▸ Task requirements
Go over the entries and report the lines where the word "http" occurs.
═════ Given data ═════
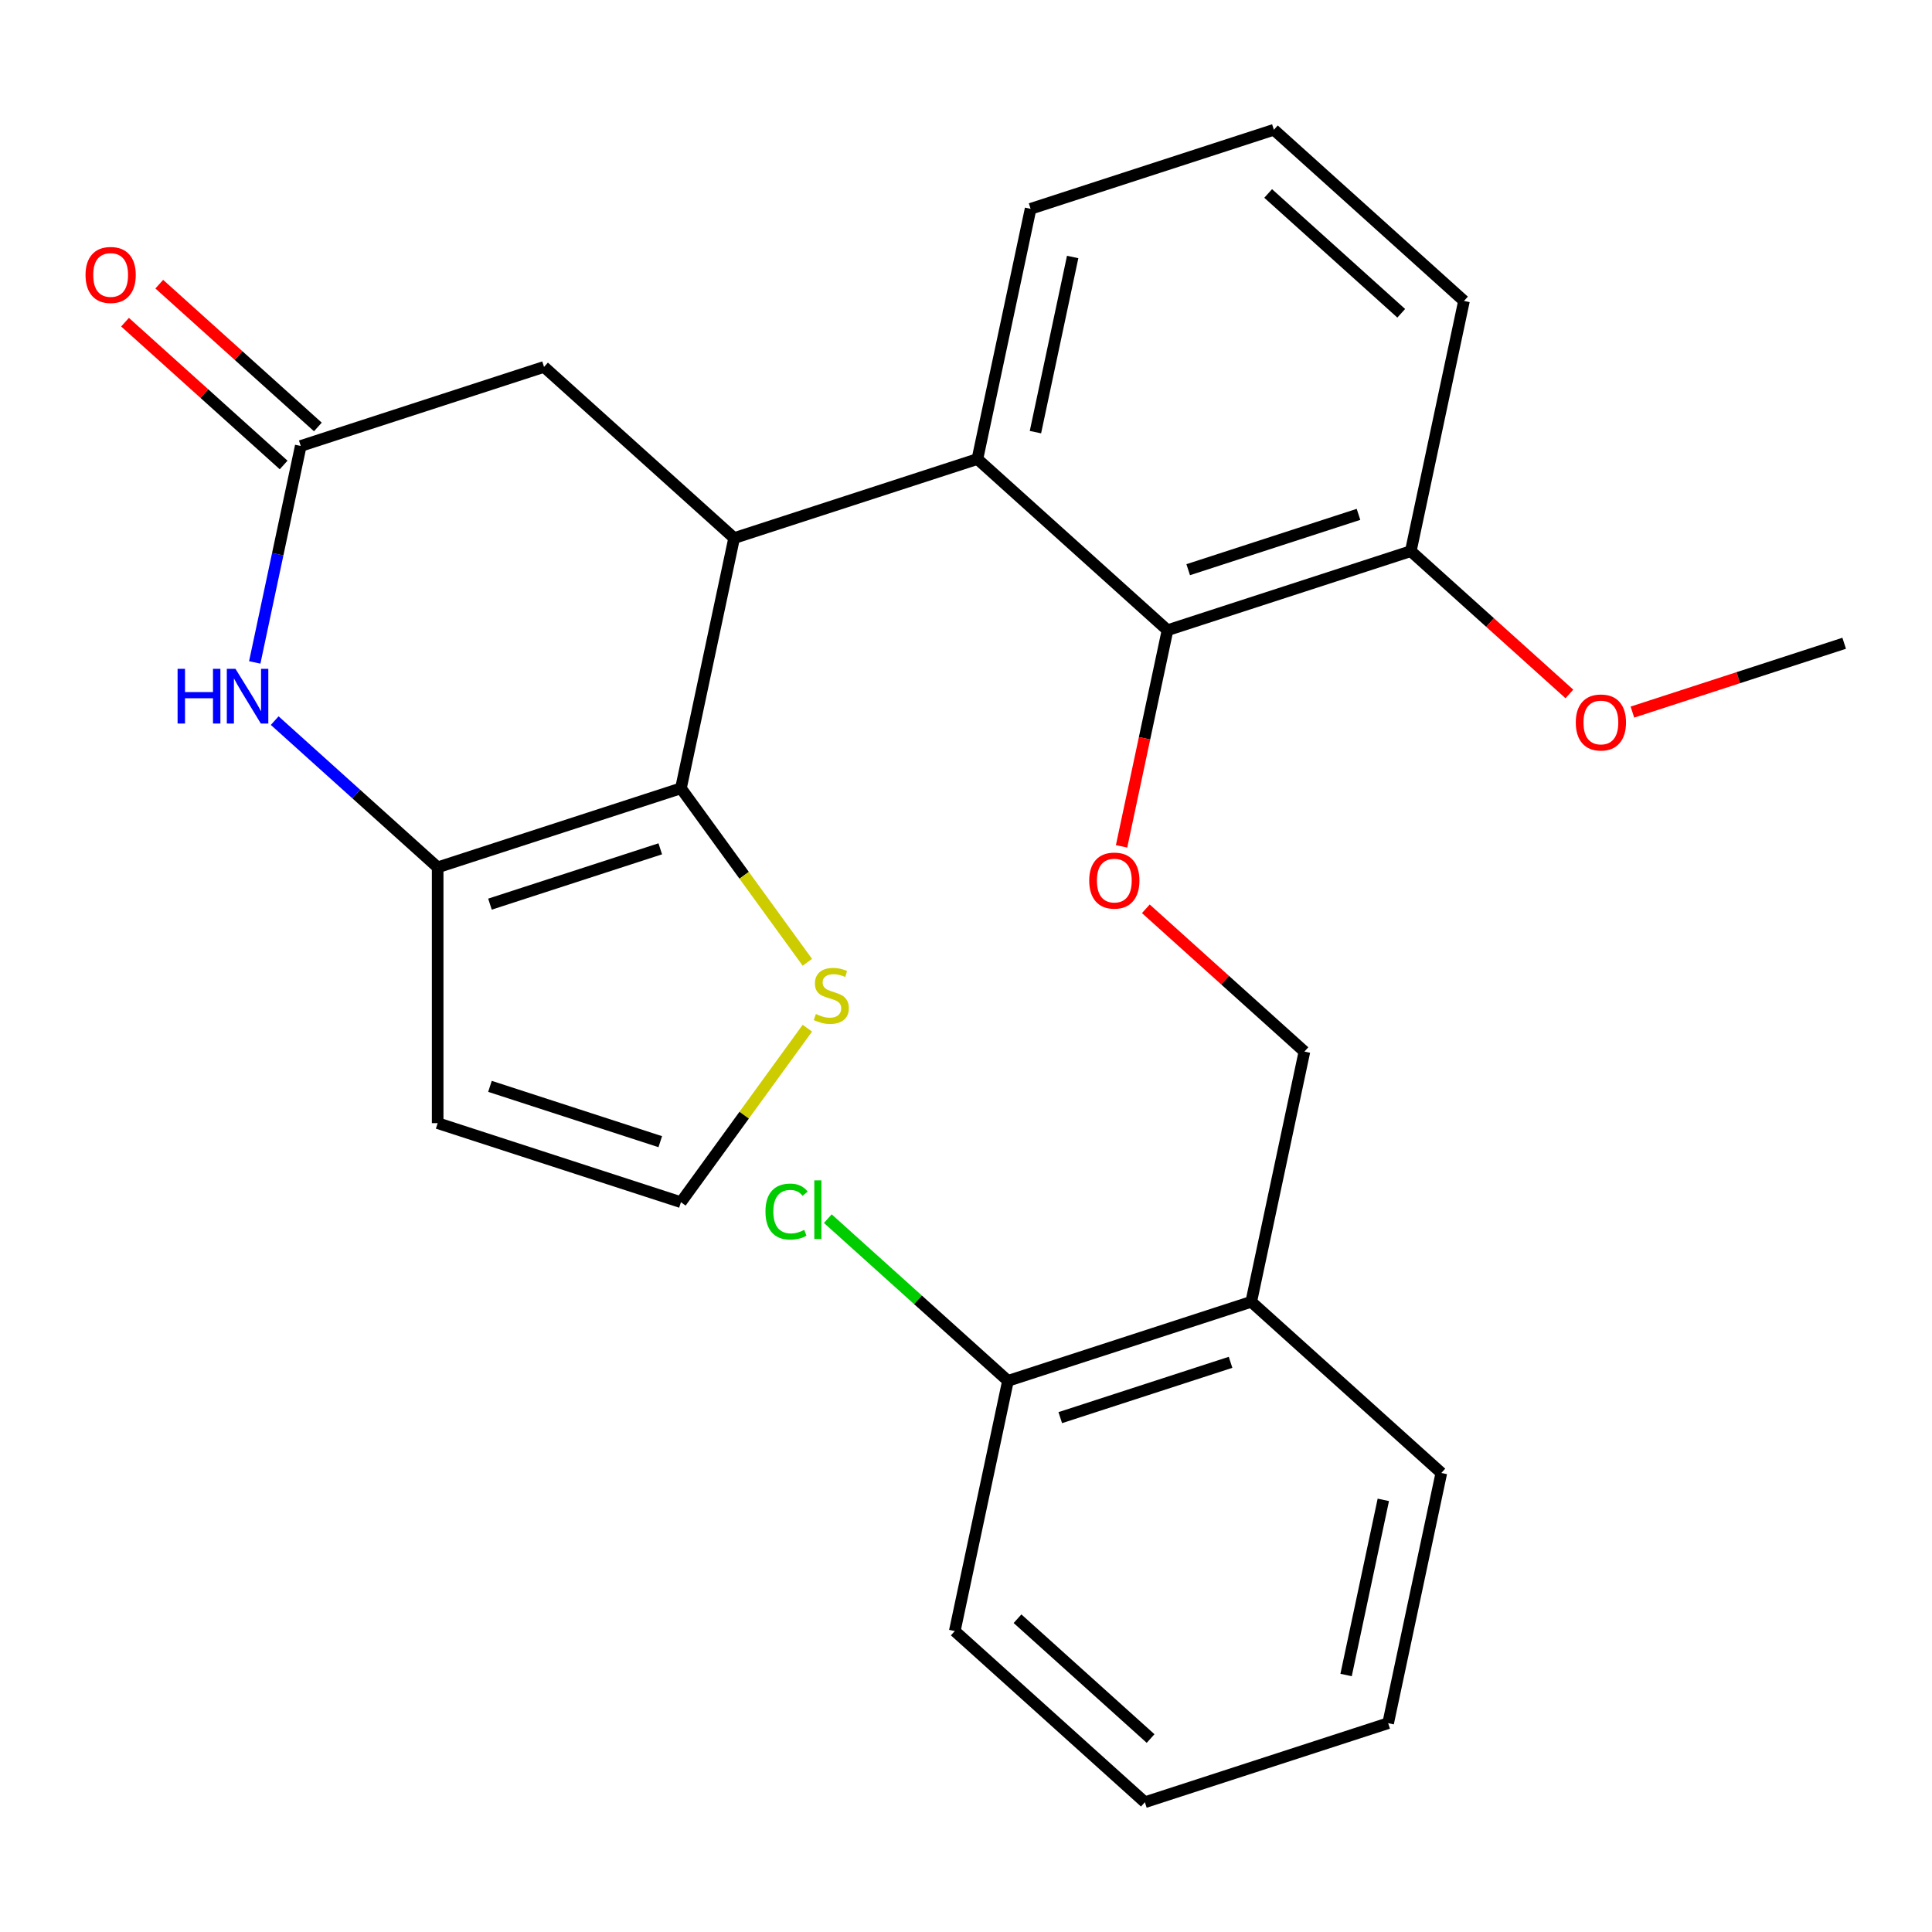 <?xml version='1.0' encoding='iso-8859-1'?>
<svg version='1.1' baseProfile='full'
              xmlns='http://www.w3.org/2000/svg'
                      xmlns:rdkit='http://www.rdkit.org/xml'
                      xmlns:xlink='http://www.w3.org/1999/xlink'
                  xml:space='preserve'
width='1000px' height='1000px' viewBox='0 0 1000 1000'>
<!-- END OF HEADER -->
<rect style='opacity:1.0;fill:#FFFFFF;stroke:none' width='1000' height='1000' x='0' y='0'> </rect>
<path class='bond-0' d='M 352.456,408.022 L 226.533,448.937' style='fill:none;fill-rule:evenodd;stroke:#000000;stroke-width:6px;stroke-linecap:butt;stroke-linejoin:miter;stroke-opacity:1' />
<path class='bond-0' d='M 341.751,439.344 L 253.604,467.984' style='fill:none;fill-rule:evenodd;stroke:#000000;stroke-width:6px;stroke-linecap:butt;stroke-linejoin:miter;stroke-opacity:1' />
<path class='bond-1' d='M 352.456,408.022 L 379.985,278.511' style='fill:none;fill-rule:evenodd;stroke:#000000;stroke-width:6px;stroke-linecap:butt;stroke-linejoin:miter;stroke-opacity:1' />
<path class='bond-6' d='M 352.456,408.022 L 385.174,453.054' style='fill:none;fill-rule:evenodd;stroke:#000000;stroke-width:6px;stroke-linecap:butt;stroke-linejoin:miter;stroke-opacity:1' />
<path class='bond-6' d='M 385.174,453.054 L 417.891,498.085' style='fill:none;fill-rule:evenodd;stroke:#CCCC00;stroke-width:6px;stroke-linecap:butt;stroke-linejoin:miter;stroke-opacity:1' />
<path class='bond-2' d='M 226.533,448.937 L 184.36,410.965' style='fill:none;fill-rule:evenodd;stroke:#000000;stroke-width:6px;stroke-linecap:butt;stroke-linejoin:miter;stroke-opacity:1' />
<path class='bond-2' d='M 184.36,410.965 L 142.188,372.992' style='fill:none;fill-rule:evenodd;stroke:#0000FF;stroke-width:6px;stroke-linecap:butt;stroke-linejoin:miter;stroke-opacity:1' />
<path class='bond-8' d='M 226.533,448.937 L 226.533,581.341' style='fill:none;fill-rule:evenodd;stroke:#000000;stroke-width:6px;stroke-linecap:butt;stroke-linejoin:miter;stroke-opacity:1' />
<path class='bond-3' d='M 379.985,278.511 L 505.908,237.596' style='fill:none;fill-rule:evenodd;stroke:#000000;stroke-width:6px;stroke-linecap:butt;stroke-linejoin:miter;stroke-opacity:1' />
<path class='bond-9' d='M 379.985,278.511 L 281.589,189.916' style='fill:none;fill-rule:evenodd;stroke:#000000;stroke-width:6px;stroke-linecap:butt;stroke-linejoin:miter;stroke-opacity:1' />
<path class='bond-27' d='M 131.851,342.871 L 143.758,286.851' style='fill:none;fill-rule:evenodd;stroke:#0000FF;stroke-width:6px;stroke-linecap:butt;stroke-linejoin:miter;stroke-opacity:1' />
<path class='bond-27' d='M 143.758,286.851 L 155.666,230.831' style='fill:none;fill-rule:evenodd;stroke:#000000;stroke-width:6px;stroke-linecap:butt;stroke-linejoin:miter;stroke-opacity:1' />
<path class='bond-4' d='M 505.908,237.596 L 604.303,326.192' style='fill:none;fill-rule:evenodd;stroke:#000000;stroke-width:6px;stroke-linecap:butt;stroke-linejoin:miter;stroke-opacity:1' />
<path class='bond-17' d='M 505.908,237.596 L 533.436,108.086' style='fill:none;fill-rule:evenodd;stroke:#000000;stroke-width:6px;stroke-linecap:butt;stroke-linejoin:miter;stroke-opacity:1' />
<path class='bond-17' d='M 535.939,223.676 L 555.209,133.018' style='fill:none;fill-rule:evenodd;stroke:#000000;stroke-width:6px;stroke-linecap:butt;stroke-linejoin:miter;stroke-opacity:1' />
<path class='bond-7' d='M 604.303,326.192 L 592.413,382.132' style='fill:none;fill-rule:evenodd;stroke:#000000;stroke-width:6px;stroke-linecap:butt;stroke-linejoin:miter;stroke-opacity:1' />
<path class='bond-7' d='M 592.413,382.132 L 580.522,438.072' style='fill:none;fill-rule:evenodd;stroke:#FF0000;stroke-width:6px;stroke-linecap:butt;stroke-linejoin:miter;stroke-opacity:1' />
<path class='bond-13' d='M 604.303,326.192 L 730.227,285.277' style='fill:none;fill-rule:evenodd;stroke:#000000;stroke-width:6px;stroke-linecap:butt;stroke-linejoin:miter;stroke-opacity:1' />
<path class='bond-13' d='M 615.009,294.87 L 703.155,266.229' style='fill:none;fill-rule:evenodd;stroke:#000000;stroke-width:6px;stroke-linecap:butt;stroke-linejoin:miter;stroke-opacity:1' />
<path class='bond-5' d='M 155.666,230.831 L 281.589,189.916' style='fill:none;fill-rule:evenodd;stroke:#000000;stroke-width:6px;stroke-linecap:butt;stroke-linejoin:miter;stroke-opacity:1' />
<path class='bond-14' d='M 164.525,220.992 L 123.483,184.037' style='fill:none;fill-rule:evenodd;stroke:#000000;stroke-width:6px;stroke-linecap:butt;stroke-linejoin:miter;stroke-opacity:1' />
<path class='bond-14' d='M 123.483,184.037 L 82.44,147.082' style='fill:none;fill-rule:evenodd;stroke:#FF0000;stroke-width:6px;stroke-linecap:butt;stroke-linejoin:miter;stroke-opacity:1' />
<path class='bond-14' d='M 146.806,240.671 L 105.764,203.716' style='fill:none;fill-rule:evenodd;stroke:#000000;stroke-width:6px;stroke-linecap:butt;stroke-linejoin:miter;stroke-opacity:1' />
<path class='bond-14' d='M 105.764,203.716 L 64.721,166.761' style='fill:none;fill-rule:evenodd;stroke:#FF0000;stroke-width:6px;stroke-linecap:butt;stroke-linejoin:miter;stroke-opacity:1' />
<path class='bond-10' d='M 417.891,532.192 L 385.174,577.224' style='fill:none;fill-rule:evenodd;stroke:#CCCC00;stroke-width:6px;stroke-linecap:butt;stroke-linejoin:miter;stroke-opacity:1' />
<path class='bond-10' d='M 385.174,577.224 L 352.456,622.256' style='fill:none;fill-rule:evenodd;stroke:#000000;stroke-width:6px;stroke-linecap:butt;stroke-linejoin:miter;stroke-opacity:1' />
<path class='bond-12' d='M 593.085,470.388 L 634.128,507.343' style='fill:none;fill-rule:evenodd;stroke:#FF0000;stroke-width:6px;stroke-linecap:butt;stroke-linejoin:miter;stroke-opacity:1' />
<path class='bond-12' d='M 634.128,507.343 L 675.17,544.298' style='fill:none;fill-rule:evenodd;stroke:#000000;stroke-width:6px;stroke-linecap:butt;stroke-linejoin:miter;stroke-opacity:1' />
<path class='bond-26' d='M 226.533,581.341 L 352.456,622.256' style='fill:none;fill-rule:evenodd;stroke:#000000;stroke-width:6px;stroke-linecap:butt;stroke-linejoin:miter;stroke-opacity:1' />
<path class='bond-26' d='M 253.604,562.293 L 341.751,590.934' style='fill:none;fill-rule:evenodd;stroke:#000000;stroke-width:6px;stroke-linecap:butt;stroke-linejoin:miter;stroke-opacity:1' />
<path class='bond-11' d='M 647.642,673.808 L 675.17,544.298' style='fill:none;fill-rule:evenodd;stroke:#000000;stroke-width:6px;stroke-linecap:butt;stroke-linejoin:miter;stroke-opacity:1' />
<path class='bond-15' d='M 647.642,673.808 L 521.718,714.723' style='fill:none;fill-rule:evenodd;stroke:#000000;stroke-width:6px;stroke-linecap:butt;stroke-linejoin:miter;stroke-opacity:1' />
<path class='bond-15' d='M 636.936,705.13 L 548.79,733.771' style='fill:none;fill-rule:evenodd;stroke:#000000;stroke-width:6px;stroke-linecap:butt;stroke-linejoin:miter;stroke-opacity:1' />
<path class='bond-20' d='M 647.642,673.808 L 746.037,762.404' style='fill:none;fill-rule:evenodd;stroke:#000000;stroke-width:6px;stroke-linecap:butt;stroke-linejoin:miter;stroke-opacity:1' />
<path class='bond-18' d='M 730.227,285.277 L 771.269,322.232' style='fill:none;fill-rule:evenodd;stroke:#000000;stroke-width:6px;stroke-linecap:butt;stroke-linejoin:miter;stroke-opacity:1' />
<path class='bond-18' d='M 771.269,322.232 L 812.312,359.187' style='fill:none;fill-rule:evenodd;stroke:#FF0000;stroke-width:6px;stroke-linecap:butt;stroke-linejoin:miter;stroke-opacity:1' />
<path class='bond-21' d='M 730.227,285.277 L 757.755,155.766' style='fill:none;fill-rule:evenodd;stroke:#000000;stroke-width:6px;stroke-linecap:butt;stroke-linejoin:miter;stroke-opacity:1' />
<path class='bond-16' d='M 521.718,714.723 L 475.096,672.744' style='fill:none;fill-rule:evenodd;stroke:#000000;stroke-width:6px;stroke-linecap:butt;stroke-linejoin:miter;stroke-opacity:1' />
<path class='bond-16' d='M 475.096,672.744 L 428.473,630.765' style='fill:none;fill-rule:evenodd;stroke:#00CC00;stroke-width:6px;stroke-linecap:butt;stroke-linejoin:miter;stroke-opacity:1' />
<path class='bond-22' d='M 521.718,714.723 L 494.19,844.234' style='fill:none;fill-rule:evenodd;stroke:#000000;stroke-width:6px;stroke-linecap:butt;stroke-linejoin:miter;stroke-opacity:1' />
<path class='bond-19' d='M 533.436,108.086 L 659.36,67.171' style='fill:none;fill-rule:evenodd;stroke:#000000;stroke-width:6px;stroke-linecap:butt;stroke-linejoin:miter;stroke-opacity:1' />
<path class='bond-23' d='M 844.932,368.573 L 899.739,350.765' style='fill:none;fill-rule:evenodd;stroke:#FF0000;stroke-width:6px;stroke-linecap:butt;stroke-linejoin:miter;stroke-opacity:1' />
<path class='bond-23' d='M 899.739,350.765 L 954.545,332.957' style='fill:none;fill-rule:evenodd;stroke:#000000;stroke-width:6px;stroke-linecap:butt;stroke-linejoin:miter;stroke-opacity:1' />
<path class='bond-28' d='M 659.36,67.171 L 757.755,155.766' style='fill:none;fill-rule:evenodd;stroke:#000000;stroke-width:6px;stroke-linecap:butt;stroke-linejoin:miter;stroke-opacity:1' />
<path class='bond-28' d='M 656.4,100.139 L 725.277,162.156' style='fill:none;fill-rule:evenodd;stroke:#000000;stroke-width:6px;stroke-linecap:butt;stroke-linejoin:miter;stroke-opacity:1' />
<path class='bond-24' d='M 746.037,762.404 L 718.509,891.914' style='fill:none;fill-rule:evenodd;stroke:#000000;stroke-width:6px;stroke-linecap:butt;stroke-linejoin:miter;stroke-opacity:1' />
<path class='bond-24' d='M 716.006,776.324 L 696.736,866.982' style='fill:none;fill-rule:evenodd;stroke:#000000;stroke-width:6px;stroke-linecap:butt;stroke-linejoin:miter;stroke-opacity:1' />
<path class='bond-25' d='M 494.19,844.234 L 592.585,932.829' style='fill:none;fill-rule:evenodd;stroke:#000000;stroke-width:6px;stroke-linecap:butt;stroke-linejoin:miter;stroke-opacity:1' />
<path class='bond-25' d='M 526.668,837.844 L 595.545,899.861' style='fill:none;fill-rule:evenodd;stroke:#000000;stroke-width:6px;stroke-linecap:butt;stroke-linejoin:miter;stroke-opacity:1' />
<path class='bond-29' d='M 718.509,891.914 L 592.585,932.829' style='fill:none;fill-rule:evenodd;stroke:#000000;stroke-width:6px;stroke-linecap:butt;stroke-linejoin:miter;stroke-opacity:1' />
<path  class='atom-3' d='M 91.918 346.181
L 95.758 346.181
L 95.758 358.221
L 110.238 358.221
L 110.238 346.181
L 114.078 346.181
L 114.078 374.501
L 110.238 374.501
L 110.238 361.421
L 95.758 361.421
L 95.758 374.501
L 91.918 374.501
L 91.918 346.181
' fill='#0000FF'/>
<path  class='atom-3' d='M 121.878 346.181
L 131.158 361.181
Q 132.078 362.661, 133.558 365.341
Q 135.038 368.021, 135.118 368.181
L 135.118 346.181
L 138.878 346.181
L 138.878 374.501
L 134.998 374.501
L 125.038 358.101
Q 123.878 356.181, 122.638 353.981
Q 121.438 351.781, 121.078 351.101
L 121.078 374.501
L 117.398 374.501
L 117.398 346.181
L 121.878 346.181
' fill='#0000FF'/>
<path  class='atom-7' d='M 422.281 524.859
Q 422.601 524.979, 423.921 525.539
Q 425.241 526.099, 426.681 526.459
Q 428.161 526.779, 429.601 526.779
Q 432.281 526.779, 433.841 525.499
Q 435.401 524.179, 435.401 521.899
Q 435.401 520.339, 434.601 519.379
Q 433.841 518.419, 432.641 517.899
Q 431.441 517.379, 429.441 516.779
Q 426.921 516.019, 425.401 515.299
Q 423.921 514.579, 422.841 513.059
Q 421.801 511.539, 421.801 508.979
Q 421.801 505.419, 424.201 503.219
Q 426.641 501.019, 431.441 501.019
Q 434.721 501.019, 438.441 502.579
L 437.521 505.659
Q 434.121 504.259, 431.561 504.259
Q 428.801 504.259, 427.281 505.419
Q 425.761 506.539, 425.801 508.499
Q 425.801 510.019, 426.561 510.939
Q 427.361 511.859, 428.481 512.379
Q 429.641 512.899, 431.561 513.499
Q 434.121 514.299, 435.641 515.099
Q 437.161 515.899, 438.241 517.539
Q 439.361 519.139, 439.361 521.899
Q 439.361 525.819, 436.721 527.939
Q 434.121 530.019, 429.761 530.019
Q 427.241 530.019, 425.321 529.459
Q 423.441 528.939, 421.201 528.019
L 422.281 524.859
' fill='#CCCC00'/>
<path  class='atom-8' d='M 563.775 455.782
Q 563.775 448.982, 567.135 445.182
Q 570.495 441.382, 576.775 441.382
Q 583.055 441.382, 586.415 445.182
Q 589.775 448.982, 589.775 455.782
Q 589.775 462.662, 586.375 466.582
Q 582.975 470.462, 576.775 470.462
Q 570.535 470.462, 567.135 466.582
Q 563.775 462.702, 563.775 455.782
M 576.775 467.262
Q 581.095 467.262, 583.415 464.382
Q 585.775 461.462, 585.775 455.782
Q 585.775 450.222, 583.415 447.422
Q 581.095 444.582, 576.775 444.582
Q 572.455 444.582, 570.095 447.382
Q 567.775 450.182, 567.775 455.782
Q 567.775 461.502, 570.095 464.382
Q 572.455 467.262, 576.775 467.262
' fill='#FF0000'/>
<path  class='atom-15' d='M 44.271 142.316
Q 44.271 135.516, 47.631 131.716
Q 50.991 127.916, 57.271 127.916
Q 63.551 127.916, 66.911 131.716
Q 70.271 135.516, 70.271 142.316
Q 70.271 149.196, 66.871 153.116
Q 63.471 156.996, 57.271 156.996
Q 51.031 156.996, 47.631 153.116
Q 44.271 149.236, 44.271 142.316
M 57.271 153.796
Q 61.591 153.796, 63.911 150.916
Q 66.271 147.996, 66.271 142.316
Q 66.271 136.756, 63.911 133.956
Q 61.591 131.116, 57.271 131.116
Q 52.951 131.116, 50.591 133.916
Q 48.271 136.716, 48.271 142.316
Q 48.271 148.036, 50.591 150.916
Q 52.951 153.796, 57.271 153.796
' fill='#FF0000'/>
<path  class='atom-17' d='M 396.203 627.108
Q 396.203 620.068, 399.483 616.388
Q 402.803 612.668, 409.083 612.668
Q 414.923 612.668, 418.043 616.788
L 415.403 618.948
Q 413.123 615.948, 409.083 615.948
Q 404.803 615.948, 402.523 618.828
Q 400.283 621.668, 400.283 627.108
Q 400.283 632.708, 402.603 635.588
Q 404.963 638.468, 409.523 638.468
Q 412.643 638.468, 416.283 636.588
L 417.403 639.588
Q 415.923 640.548, 413.683 641.108
Q 411.443 641.668, 408.963 641.668
Q 402.803 641.668, 399.483 637.908
Q 396.203 634.148, 396.203 627.108
' fill='#00CC00'/>
<path  class='atom-17' d='M 421.483 610.948
L 425.163 610.948
L 425.163 641.308
L 421.483 641.308
L 421.483 610.948
' fill='#00CC00'/>
<path  class='atom-19' d='M 815.622 373.952
Q 815.622 367.152, 818.982 363.352
Q 822.342 359.552, 828.622 359.552
Q 834.902 359.552, 838.262 363.352
Q 841.622 367.152, 841.622 373.952
Q 841.622 380.832, 838.222 384.752
Q 834.822 388.632, 828.622 388.632
Q 822.382 388.632, 818.982 384.752
Q 815.622 380.872, 815.622 373.952
M 828.622 385.432
Q 832.942 385.432, 835.262 382.552
Q 837.622 379.632, 837.622 373.952
Q 837.622 368.392, 835.262 365.592
Q 832.942 362.752, 828.622 362.752
Q 824.302 362.752, 821.942 365.552
Q 819.622 368.352, 819.622 373.952
Q 819.622 379.672, 821.942 382.552
Q 824.302 385.432, 828.622 385.432
' fill='#FF0000'/>
</svg>
═════
▸ Output for this exercise
              xmlns='http://www.w3.org/2000/svg'
                      xmlns:rdkit='http://www.rdkit.org/xml'
                      xmlns:xlink='http://www.w3.org/1999/xlink'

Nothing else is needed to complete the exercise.